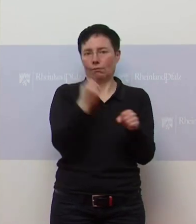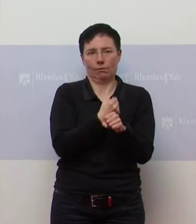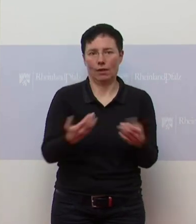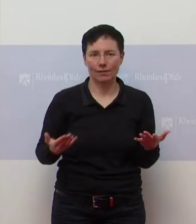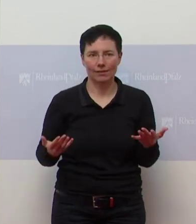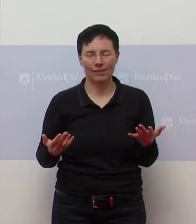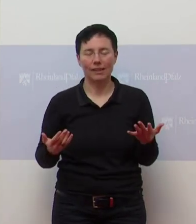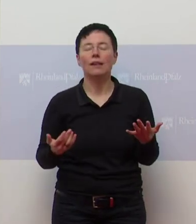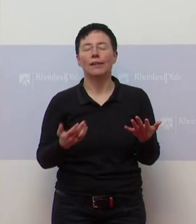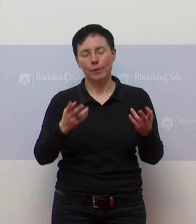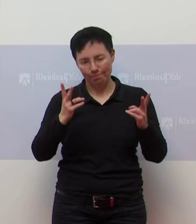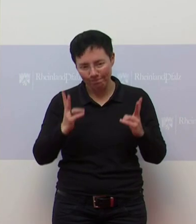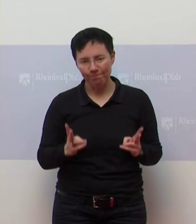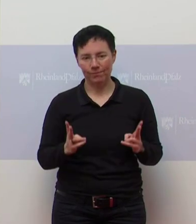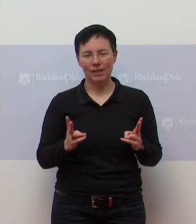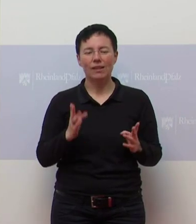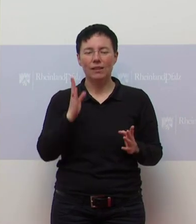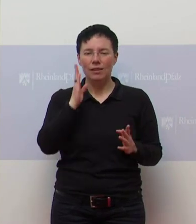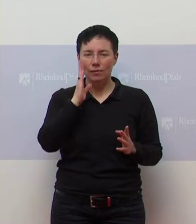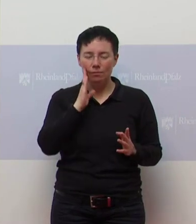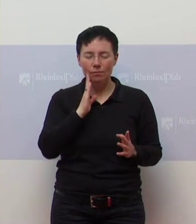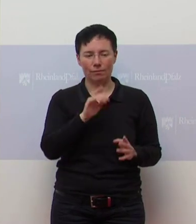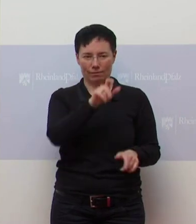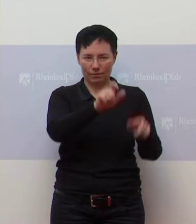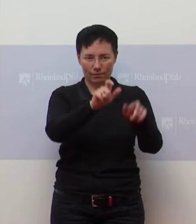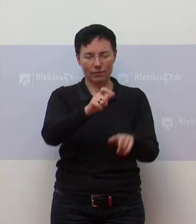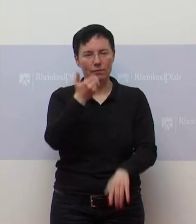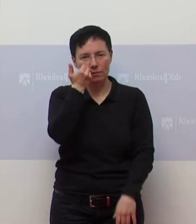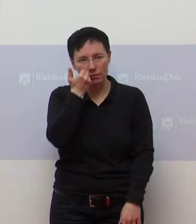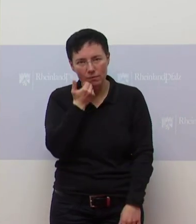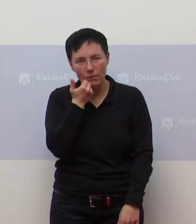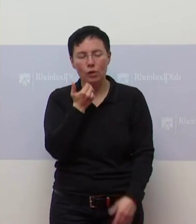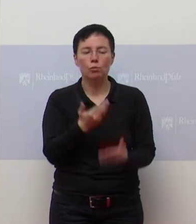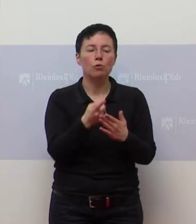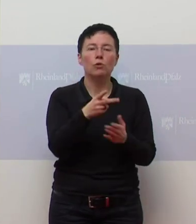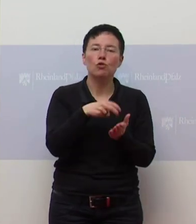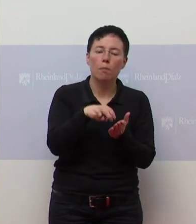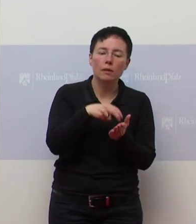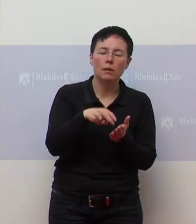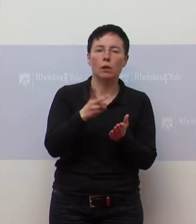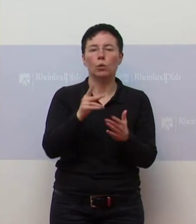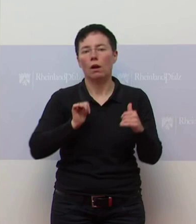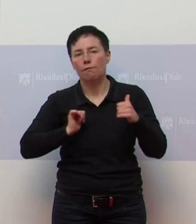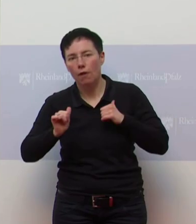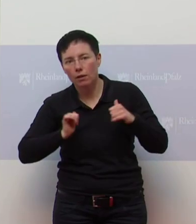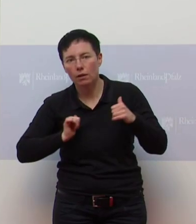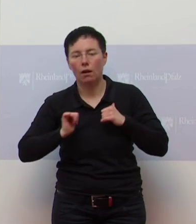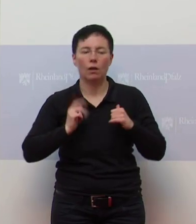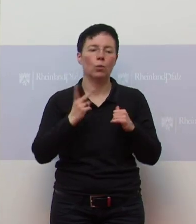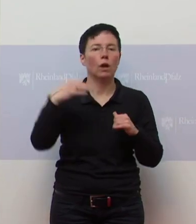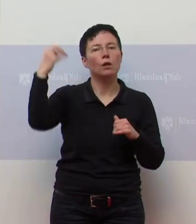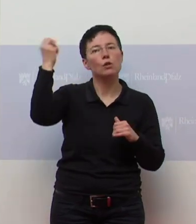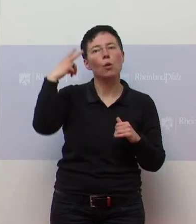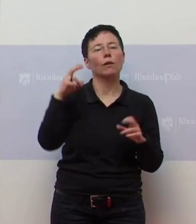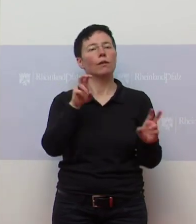Aber es ist tatsächlich so, dass man einfach appellieren muss an die Leute, wenn sie spazieren gehen, wenn sie wandern gehen, wenn sie in der Sonne
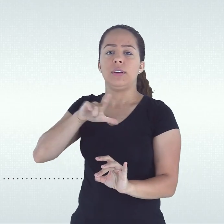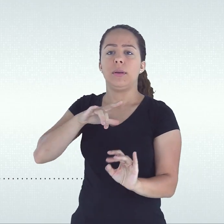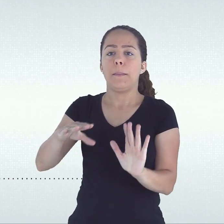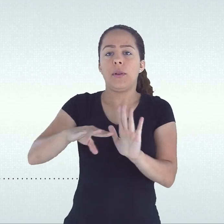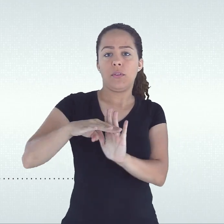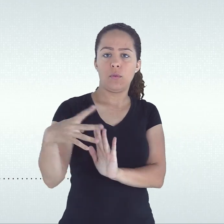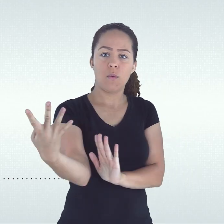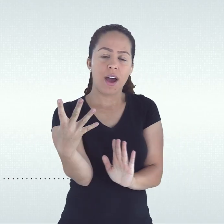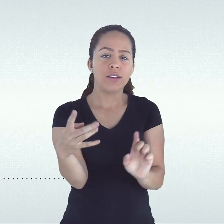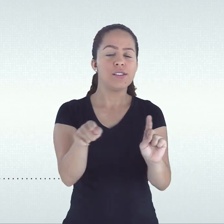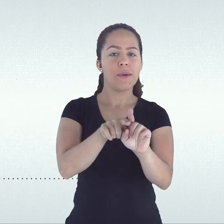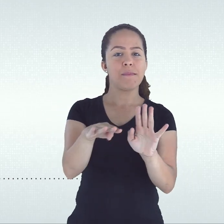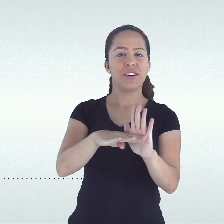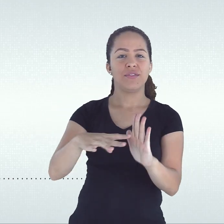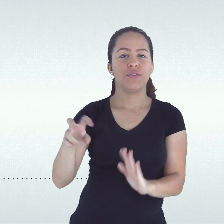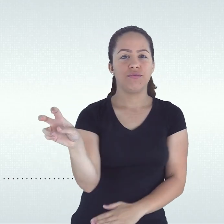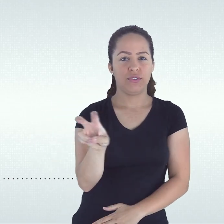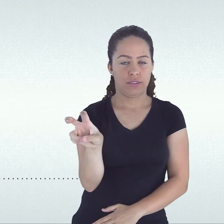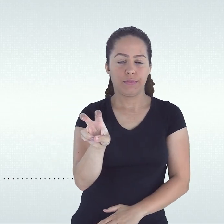4º e 5º
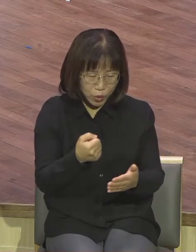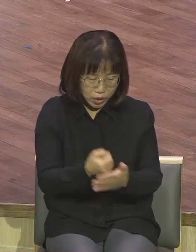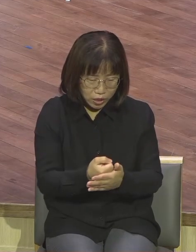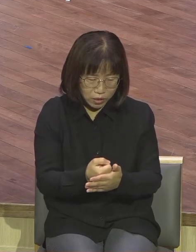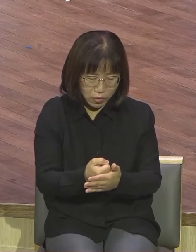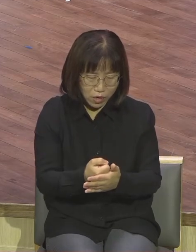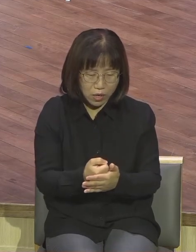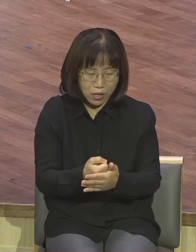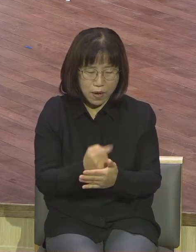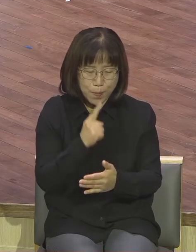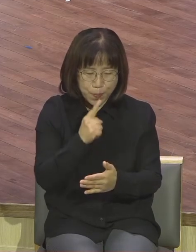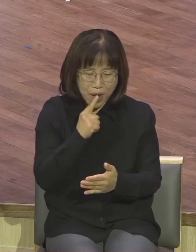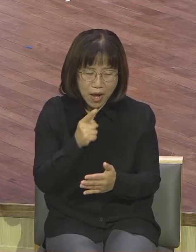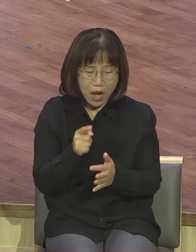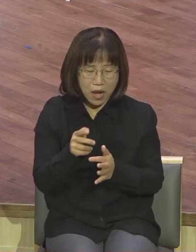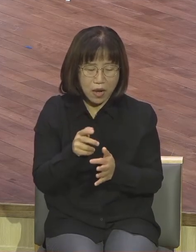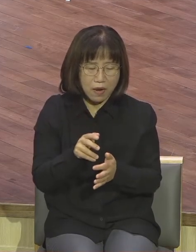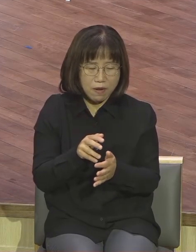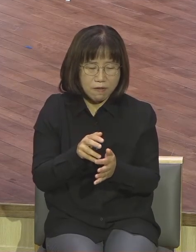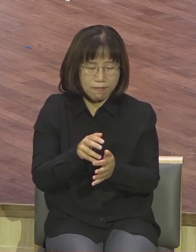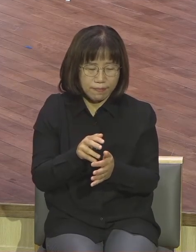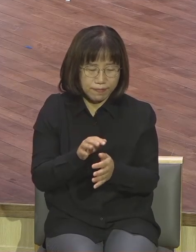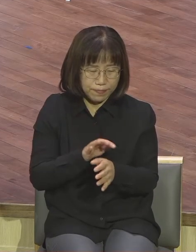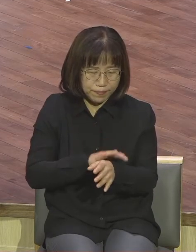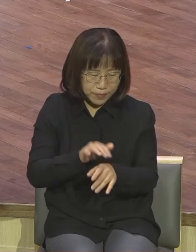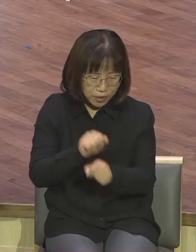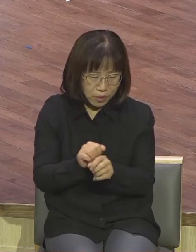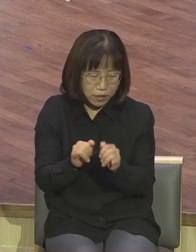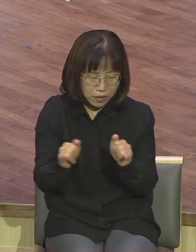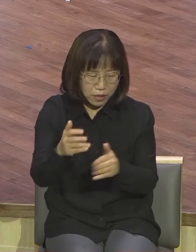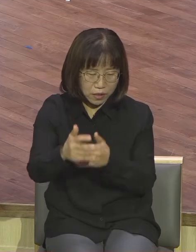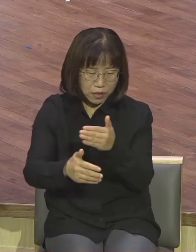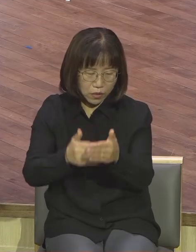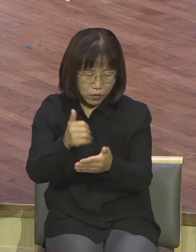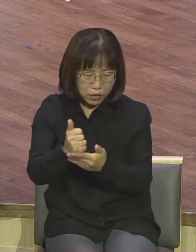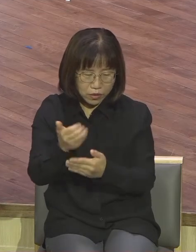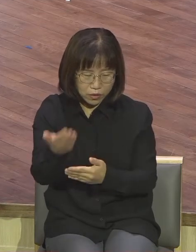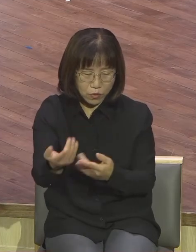존수한 자라 요하께서 그와 함께 계시더이다 하더라

» WHAT IS NEEDED:
Your task is an exact transcription of all the data, minus the pictures.

» ANSWER SECTION:
Aber es ist tatsächlich so, dass man einfach appellieren muss an die Leute, wenn sie spazieren gehen, wenn sie wandern gehen, wenn sie in der Sonne
4º e 5º
존수한 자라 요하께서 그와 함께 계시더이다 하더라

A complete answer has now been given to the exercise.